Characterization of DC phenotype.

Indirect immunofluorescence flow cytometry using the Coulter Epics XL (Coulter Corp, Miami, FL) was done to assay for expression of DC lineage Ags (CD14, CD40, CD80, CD86, and HLA-DR [Pharmingen, San Diego, CA] and CD83 [Immunotech, Marseille, France]) as well as MM-associated Ags (CD38). Cells were washed in phosphate-buffered saline (PBS) and incubated in PBS with 20% human AB serum at room temperature for 20 minutes to eliminate nonspecific Fc receptor binding. After washing with PBS, cells were incubated with primary murine monoclonal antibodies (MoAbs) reactive with the above Ags for 30 minutes on ice. After several washes, the cells were developed with goat anti-murine antibody conjugated with fluorescein isothiocyanate (FITC). Cells were then washed and fixed with 2% paraformaldehyde and evaluated by flow cytometry.

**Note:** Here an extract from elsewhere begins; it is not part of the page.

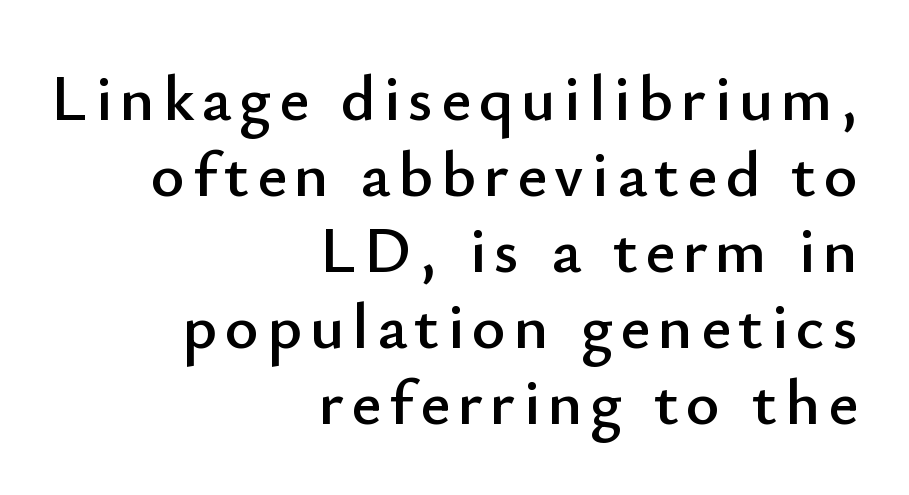
{"serif": "no", "italic": "no", "width": "normal", "stroke_contrast": "low", "x_height": "small", "monospaced": "no", "underline": "no", "align": "right", "line_spacing_ratio": 1.17, "glyph_px": 65}
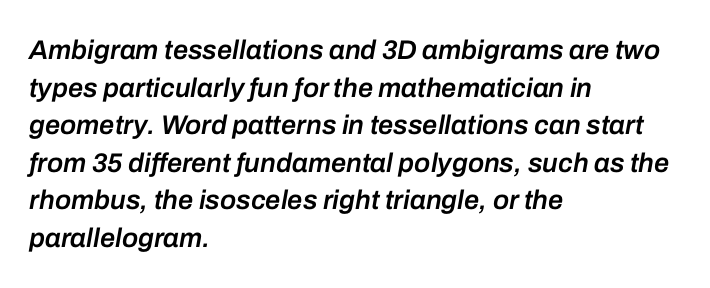
The block of text has a typical density, with ordinary space between rows. Beneath every word, the page is bare. Each word holds together tightly as a unit, with standard inter-letter gaps. The face used here has a pronounced slope to its letters. Each line starts at the same left margin while the right side varies.

APC function of DCs in allogeneic MLR.

We next examined the function of DCs from MM and normal BM and PB as APCs in allogeneic MLRs. Graded numbers of irradiated (3 Gy) DCs were added to 2 × 105 allogeneic T cells in 96-well U-bottomed culture plates for 5 days. T cells were obtained from PBMCs using T-cell enrichment columns (R & D Systems, Minneapolis, MN) via high-affinity negative selection. T-cell proliferation was determined by measuring uptake of tritiated thymidine (3[H]TdR) by cells pulsed with 1 μCi of 3[H]TdR (GBq/mmol; Du Pont-New England Nuclear, Wilmington, DE) for the last 12 hours of 5-day cultures. Results were expressed as mean counts per minute (cpm) ±SD in triplicates.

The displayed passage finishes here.